1990: The Quadrangle
“This year’s topic involved the removal of a tube supplying food and water to a woman in a permanent coma-like state. Half of the teams represented the woman’s family, arguing that the woman had a right to refuse medical treatment. The remainder of the teams represented the hospital, likening removal of food and water to euthanasia.”
2004: Res Gestae
“The case concerned the constitutionality of the Defense of Marriage Act (DOMA) under the Full Faith and Credit and Fifth Amendment Due Process Clauses of the U.S. Constitution. Sanders and Page represented the petitioner, an individual seeking to recover a money judgment based on a tort action.

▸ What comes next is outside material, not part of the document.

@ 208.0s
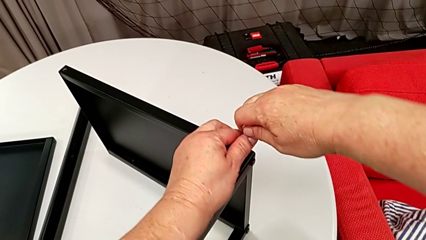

Gabriel and Lorenz represented the respondent, a corporation seeking protection from the judgment under DOMA, which contains a provision stating that no state shall be forced to recognize another state’s judgment if it is based on a claim arising from a same-sex marriage.”
1951: Res Gestae
“The question this year deals with the Internal Security Act. The facts: One James Redder is the chairman of a Communist front organization. He has been accused of disseminating Communist literature in violation of the act. He has been jailed after findings of fact by the authority set up under the act. He brings this action to test the constitutionality of the McCarran Bill. It promises to be an interesting question and most certainly it is timely.”
1963: The Quad
“This year's Campbell problem, prepared by Professors Estep and Israel, involved the constitutionality of a legislative reapportionment scheme and the appearance on a state’s electoral ballot of candidates’ race and religion.”
1988: The Quadrangle
“The 1988 Henry M. Campbell Moot Court Competition addresses the issue of surrogate mothering. Specifically, the first-round question raises a challenge to a state statute that prohibits surrogate services for compensation. The would-be biological father and the surrogate mother, both of whom were criminally convicted under the statute, claim that the prohibition violates the constitutional right of privacy as recognized by the United States Supreme Court. The statute presented in the Competition problem closely parallels bills currently being considered by the legislatures of several states.”